[Task] Without the images, output every record exactly as it appears.

[Saved entries]
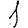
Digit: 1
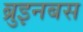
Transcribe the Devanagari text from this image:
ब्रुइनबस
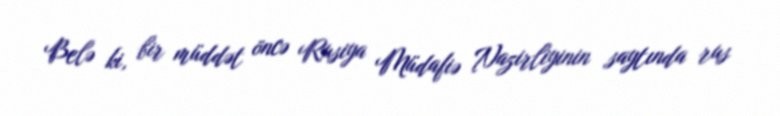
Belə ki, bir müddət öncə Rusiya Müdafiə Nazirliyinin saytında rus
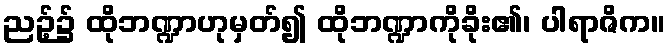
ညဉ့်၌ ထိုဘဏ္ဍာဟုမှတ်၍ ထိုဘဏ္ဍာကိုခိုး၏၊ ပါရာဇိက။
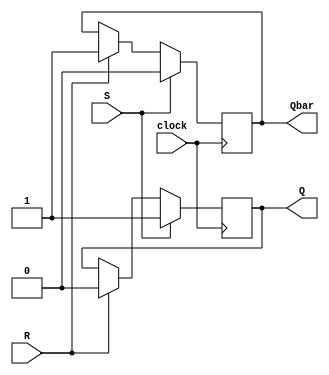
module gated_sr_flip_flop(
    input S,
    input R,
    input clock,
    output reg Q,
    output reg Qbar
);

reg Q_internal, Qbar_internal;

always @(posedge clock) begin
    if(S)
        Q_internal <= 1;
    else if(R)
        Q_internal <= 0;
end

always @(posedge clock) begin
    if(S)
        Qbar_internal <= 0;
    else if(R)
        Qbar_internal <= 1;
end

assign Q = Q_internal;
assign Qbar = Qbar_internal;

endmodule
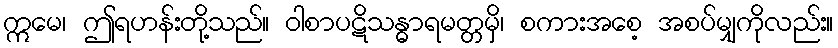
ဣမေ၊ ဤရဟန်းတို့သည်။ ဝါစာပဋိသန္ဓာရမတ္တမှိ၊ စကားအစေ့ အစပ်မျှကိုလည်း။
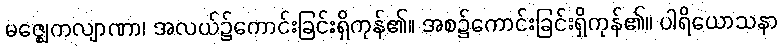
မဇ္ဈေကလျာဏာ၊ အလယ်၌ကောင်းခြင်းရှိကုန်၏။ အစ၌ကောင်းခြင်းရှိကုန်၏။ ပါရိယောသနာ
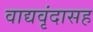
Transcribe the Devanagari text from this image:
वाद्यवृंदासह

[Response]
Digit: 1
Transcribe the Devanagari text from this image:
ब्रुइनबस
Belə ki, bir müddət öncə Rusiya Müdafiə Nazirliyinin saytında rus
ညဉ့်၌ ထိုဘဏ္ဍာဟုမှတ်၍ ထိုဘဏ္ဍာကိုခိုး၏၊ ပါရာဇိက။
module gated_sr_flip_flop(
    input S,
    input R,
    input clock,
    output reg Q,
    output reg Qbar
);

reg Q_internal, Qbar_internal;

always @(posedge clock) begin
    if(S)
        Q_internal <= 1;
    else if(R)
        Q_internal <= 0;
end

always @(posedge clock) begin
    if(S)
        Qbar_internal <= 0;
    else if(R)
        Qbar_internal <= 1;
end

assign Q = Q_internal;
assign Qbar = Qbar_internal;

endmodule
ဣမေ၊ ဤရဟန်းတို့သည်။ ဝါစာပဋိသန္ဓာရမတ္တမှိ၊ စကားအစေ့ အစပ်မျှကိုလည်း။
မဇ္ဈေကလျာဏာ၊ အလယ်၌ကောင်းခြင်းရှိကုန်၏။ အစ၌ကောင်းခြင်းရှိကုန်၏။ ပါရိယောသနာ
Transcribe the Devanagari text from this image:
वाद्यवृंदासह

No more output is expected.